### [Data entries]

--------------------

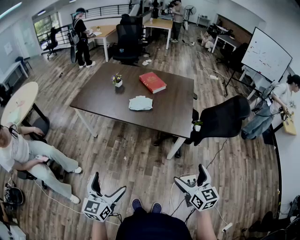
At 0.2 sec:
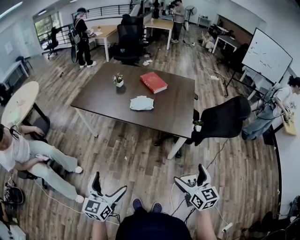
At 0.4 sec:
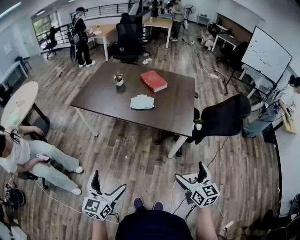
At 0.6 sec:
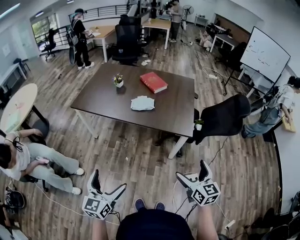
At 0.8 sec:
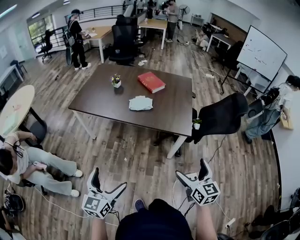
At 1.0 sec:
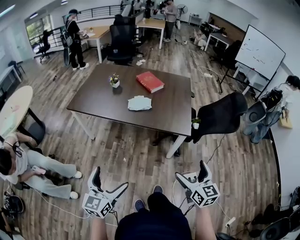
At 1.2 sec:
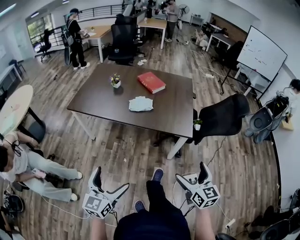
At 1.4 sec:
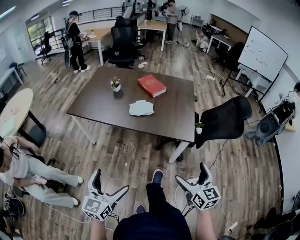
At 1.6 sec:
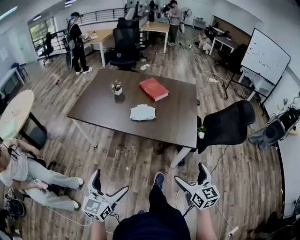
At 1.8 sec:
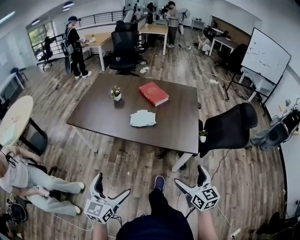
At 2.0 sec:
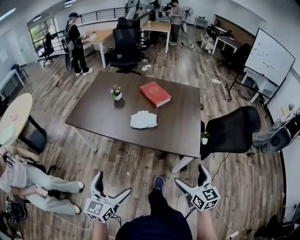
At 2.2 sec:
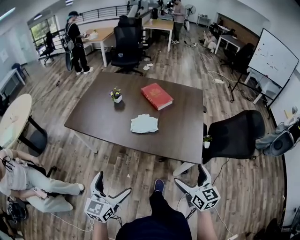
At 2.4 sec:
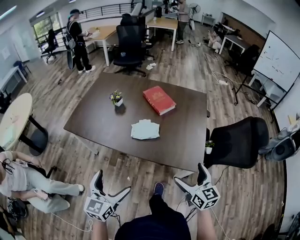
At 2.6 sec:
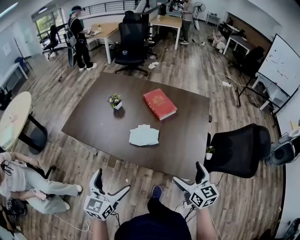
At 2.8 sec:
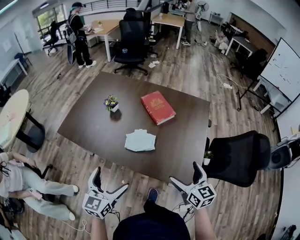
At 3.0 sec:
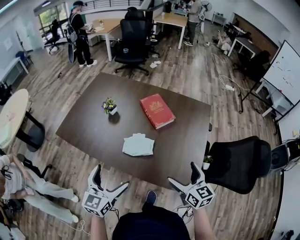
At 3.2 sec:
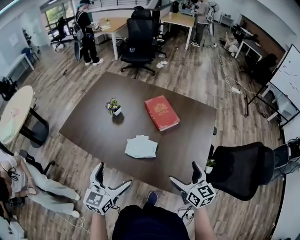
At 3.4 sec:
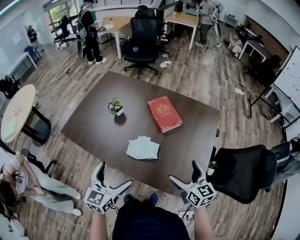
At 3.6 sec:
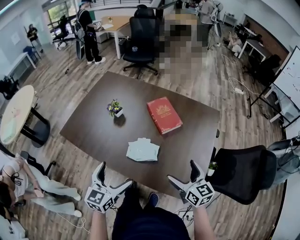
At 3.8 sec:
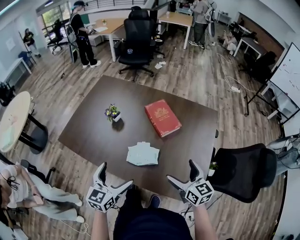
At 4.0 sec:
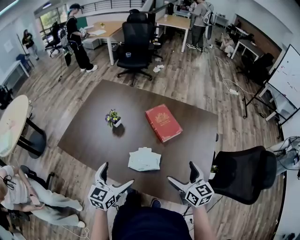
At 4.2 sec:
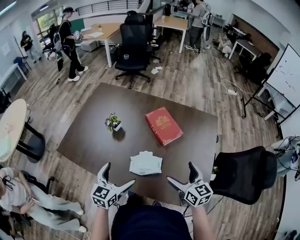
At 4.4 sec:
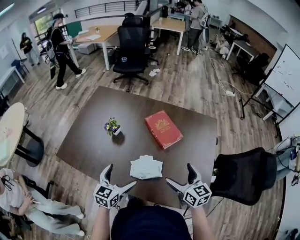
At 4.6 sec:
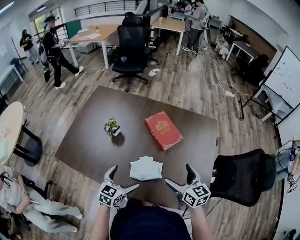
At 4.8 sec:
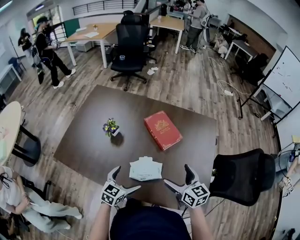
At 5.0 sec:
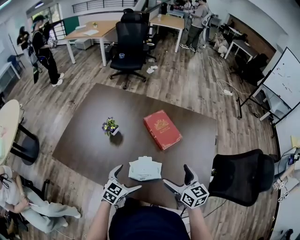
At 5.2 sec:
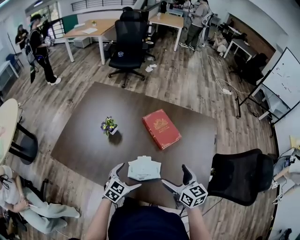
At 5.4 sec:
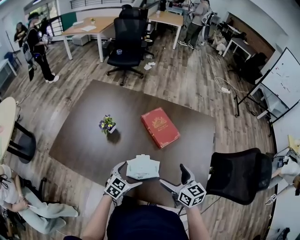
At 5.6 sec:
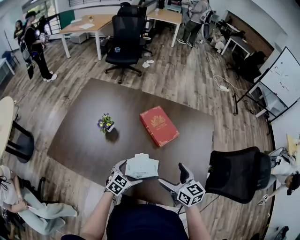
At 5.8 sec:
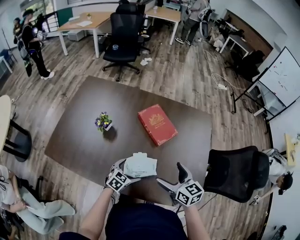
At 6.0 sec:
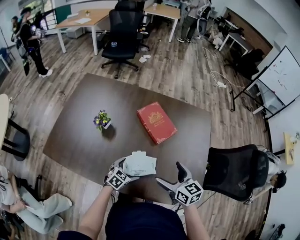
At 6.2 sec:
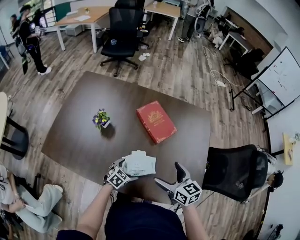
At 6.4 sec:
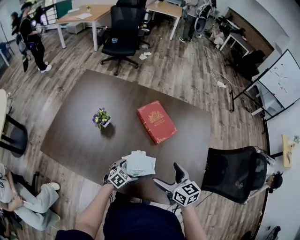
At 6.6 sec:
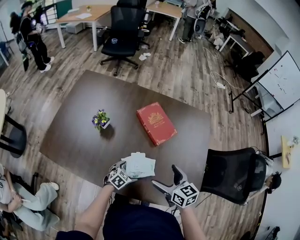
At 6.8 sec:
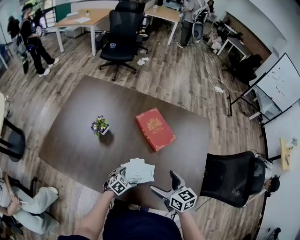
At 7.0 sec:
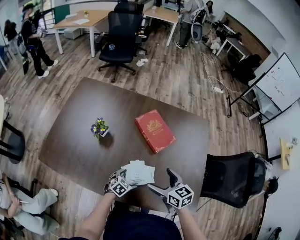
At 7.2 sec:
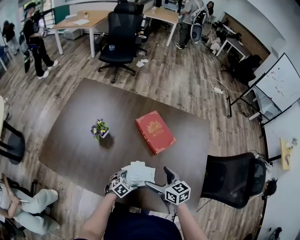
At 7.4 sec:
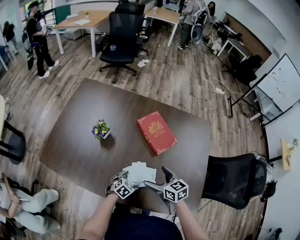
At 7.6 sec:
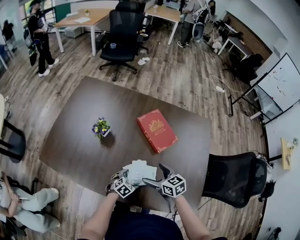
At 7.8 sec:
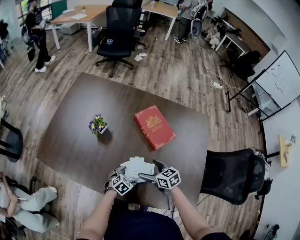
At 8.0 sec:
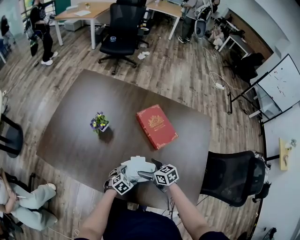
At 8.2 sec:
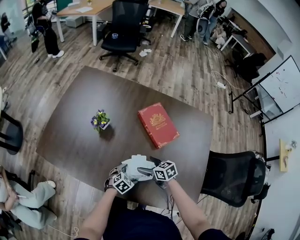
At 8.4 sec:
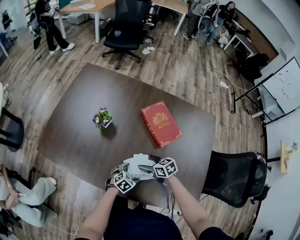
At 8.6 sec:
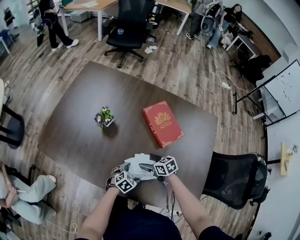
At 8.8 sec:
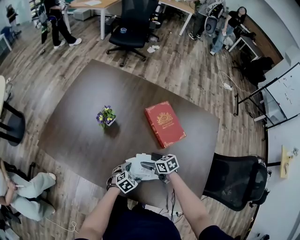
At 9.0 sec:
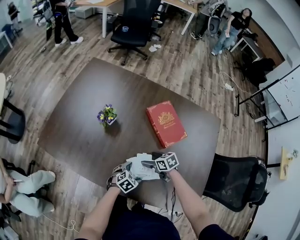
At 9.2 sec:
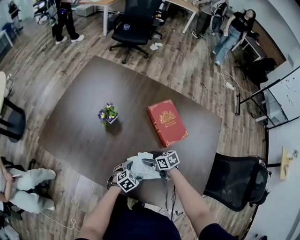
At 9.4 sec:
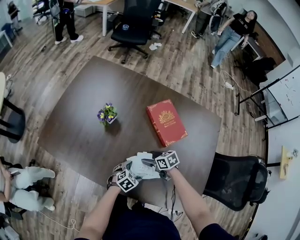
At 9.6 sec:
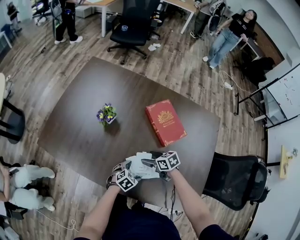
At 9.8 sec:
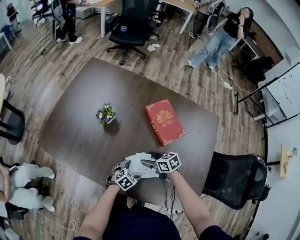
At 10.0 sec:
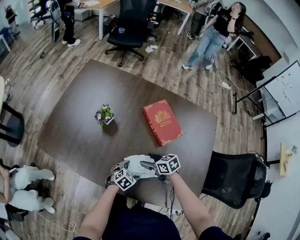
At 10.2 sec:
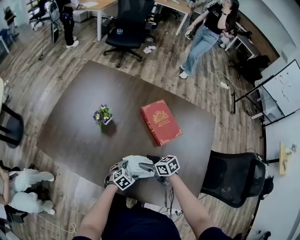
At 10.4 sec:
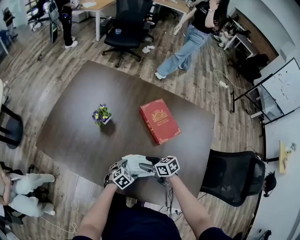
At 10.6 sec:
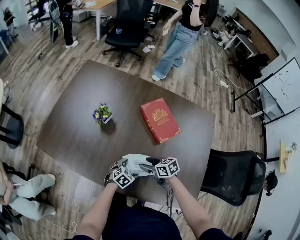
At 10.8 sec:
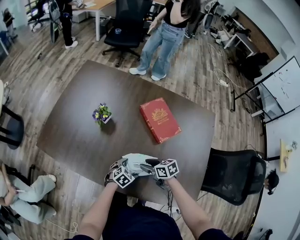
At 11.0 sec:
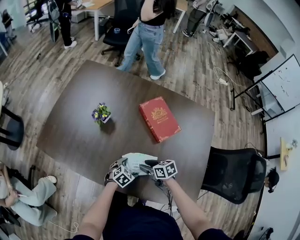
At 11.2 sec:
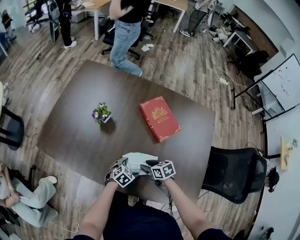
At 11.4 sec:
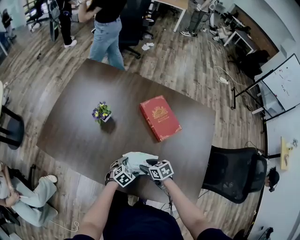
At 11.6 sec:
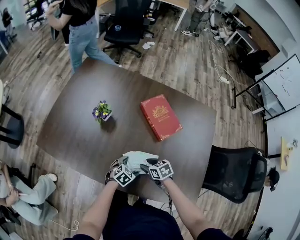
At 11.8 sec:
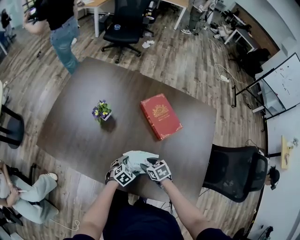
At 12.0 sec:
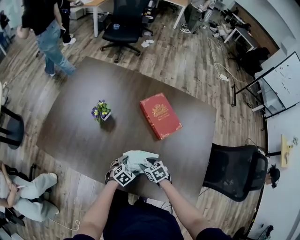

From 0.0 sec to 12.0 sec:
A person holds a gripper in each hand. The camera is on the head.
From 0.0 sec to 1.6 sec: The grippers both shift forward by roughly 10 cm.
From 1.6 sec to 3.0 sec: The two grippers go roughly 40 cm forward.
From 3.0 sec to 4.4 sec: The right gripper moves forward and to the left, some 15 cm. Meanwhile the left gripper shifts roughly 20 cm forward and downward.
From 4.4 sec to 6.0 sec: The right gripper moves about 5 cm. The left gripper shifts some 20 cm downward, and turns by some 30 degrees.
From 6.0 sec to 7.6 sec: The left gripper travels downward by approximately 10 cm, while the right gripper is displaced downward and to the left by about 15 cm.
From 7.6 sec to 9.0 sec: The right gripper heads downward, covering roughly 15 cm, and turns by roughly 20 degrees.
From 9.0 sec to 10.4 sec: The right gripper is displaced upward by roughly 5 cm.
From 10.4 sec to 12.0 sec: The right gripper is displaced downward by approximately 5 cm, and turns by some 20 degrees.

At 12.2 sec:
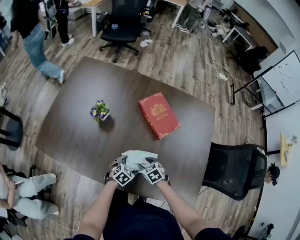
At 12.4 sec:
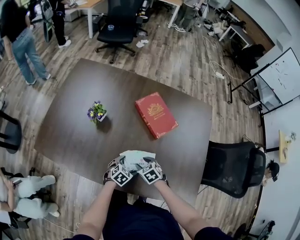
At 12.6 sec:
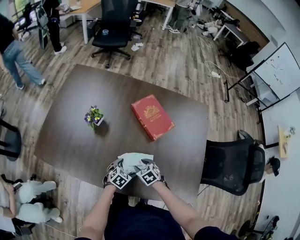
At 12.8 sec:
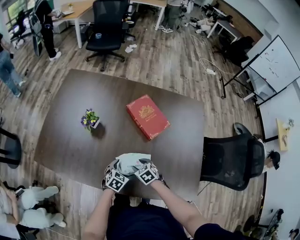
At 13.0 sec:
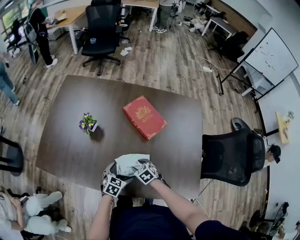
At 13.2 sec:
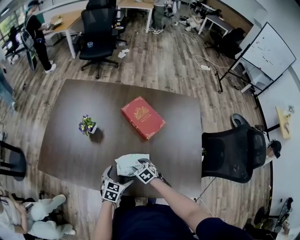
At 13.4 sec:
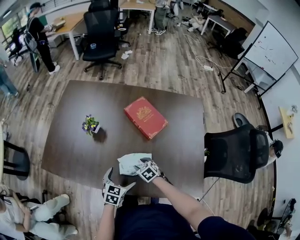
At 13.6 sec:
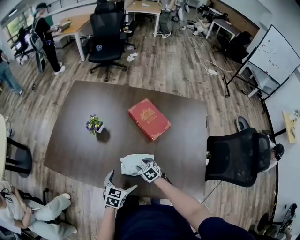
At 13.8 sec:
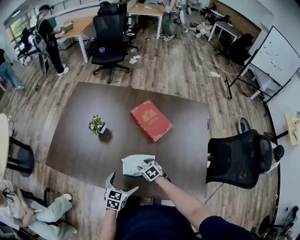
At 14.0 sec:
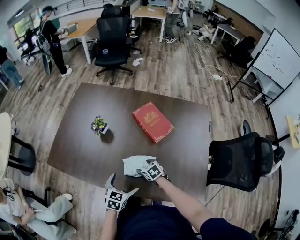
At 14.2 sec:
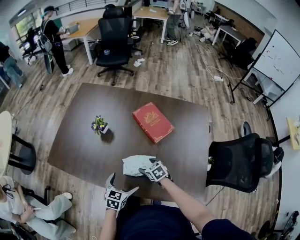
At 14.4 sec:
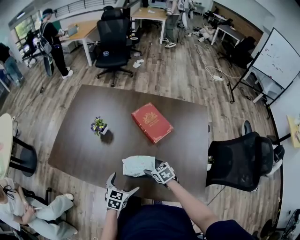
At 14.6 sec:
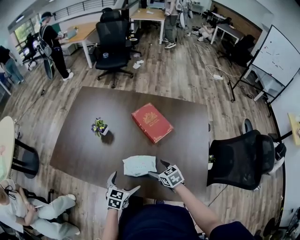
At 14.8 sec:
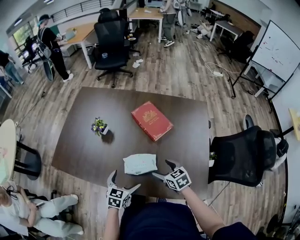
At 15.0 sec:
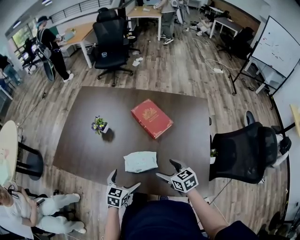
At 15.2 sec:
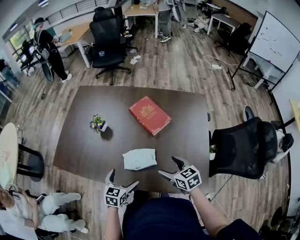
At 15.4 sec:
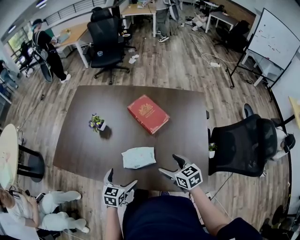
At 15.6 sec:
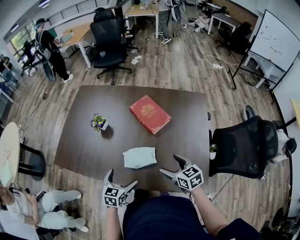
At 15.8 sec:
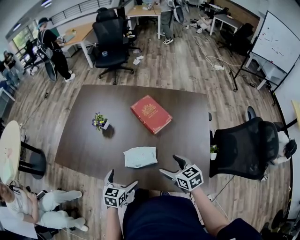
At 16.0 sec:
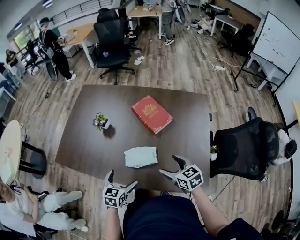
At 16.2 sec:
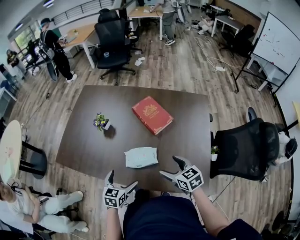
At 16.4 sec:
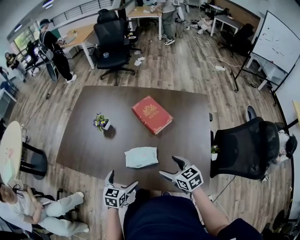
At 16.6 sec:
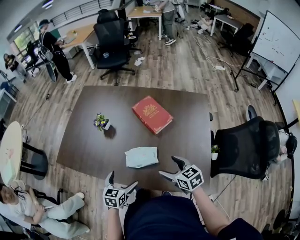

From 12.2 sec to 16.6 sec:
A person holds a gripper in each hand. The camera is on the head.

--------------------

### [TO DO]
The required output is every line of the data above, set down exactly and stripped of pictures.

### [FINAL ANSWER]
At 0.2 sec:
At 0.4 sec:
At 0.6 sec:
At 0.8 sec:
At 1.0 sec:
At 1.2 sec:
At 1.4 sec:
At 1.6 sec:
At 1.8 sec:
At 2.0 sec:
At 2.2 sec:
At 2.4 sec:
At 2.6 sec:
At 2.8 sec:
At 3.0 sec:
At 3.2 sec:
At 3.4 sec:
At 3.6 sec:
At 3.8 sec:
At 4.0 sec:
At 4.2 sec:
At 4.4 sec:
At 4.6 sec:
At 4.8 sec:
At 5.0 sec:
At 5.2 sec:
At 5.4 sec:
At 5.6 sec:
At 5.8 sec:
At 6.0 sec:
At 6.2 sec:
At 6.4 sec:
At 6.6 sec:
At 6.8 sec:
At 7.0 sec:
At 7.2 sec:
At 7.4 sec:
At 7.6 sec:
At 7.8 sec:
At 8.0 sec:
At 8.2 sec:
At 8.4 sec:
At 8.6 sec:
At 8.8 sec:
At 9.0 sec:
At 9.2 sec:
At 9.4 sec:
At 9.6 sec:
At 9.8 sec:
At 10.0 sec:
At 10.2 sec:
At 10.4 sec:
At 10.6 sec:
At 10.8 sec:
At 11.0 sec:
At 11.2 sec:
At 11.4 sec:
At 11.6 sec:
At 11.8 sec:
At 12.0 sec:

From 0.0 sec to 12.0 sec:
A person holds a gripper in each hand. The camera is on the head.
From 0.0 sec to 1.6 sec: The grippers both shift forward by roughly 10 cm.
From 1.6 sec to 3.0 sec: The two grippers go roughly 40 cm forward.
From 3.0 sec to 4.4 sec: The right gripper moves forward and to the left, some 15 cm. Meanwhile the left gripper shifts roughly 20 cm forward and downward.
From 4.4 sec to 6.0 sec: The right gripper moves about 5 cm. The left gripper shifts some 20 cm downward, and turns by some 30 degrees.
From 6.0 sec to 7.6 sec: The left gripper travels downward by approximately 10 cm, while the right gripper is displaced downward and to the left by about 15 cm.
From 7.6 sec to 9.0 sec: The right gripper heads downward, covering roughly 15 cm, and turns by roughly 20 degrees.
From 9.0 sec to 10.4 sec: The right gripper is displaced upward by roughly 5 cm.
From 10.4 sec to 12.0 sec: The right gripper is displaced downward by approximately 5 cm, and turns by some 20 degrees.

At 12.2 sec:
At 12.4 sec:
At 12.6 sec:
At 12.8 sec:
At 13.0 sec:
At 13.2 sec:
At 13.4 sec:
At 13.6 sec:
At 13.8 sec:
At 14.0 sec:
At 14.2 sec:
At 14.4 sec:
At 14.6 sec:
At 14.8 sec:
At 15.0 sec:
At 15.2 sec:
At 15.4 sec:
At 15.6 sec:
At 15.8 sec:
At 16.0 sec:
At 16.2 sec:
At 16.4 sec:
At 16.6 sec:

From 12.2 sec to 16.6 sec:
A person holds a gripper in each hand. The camera is on the head.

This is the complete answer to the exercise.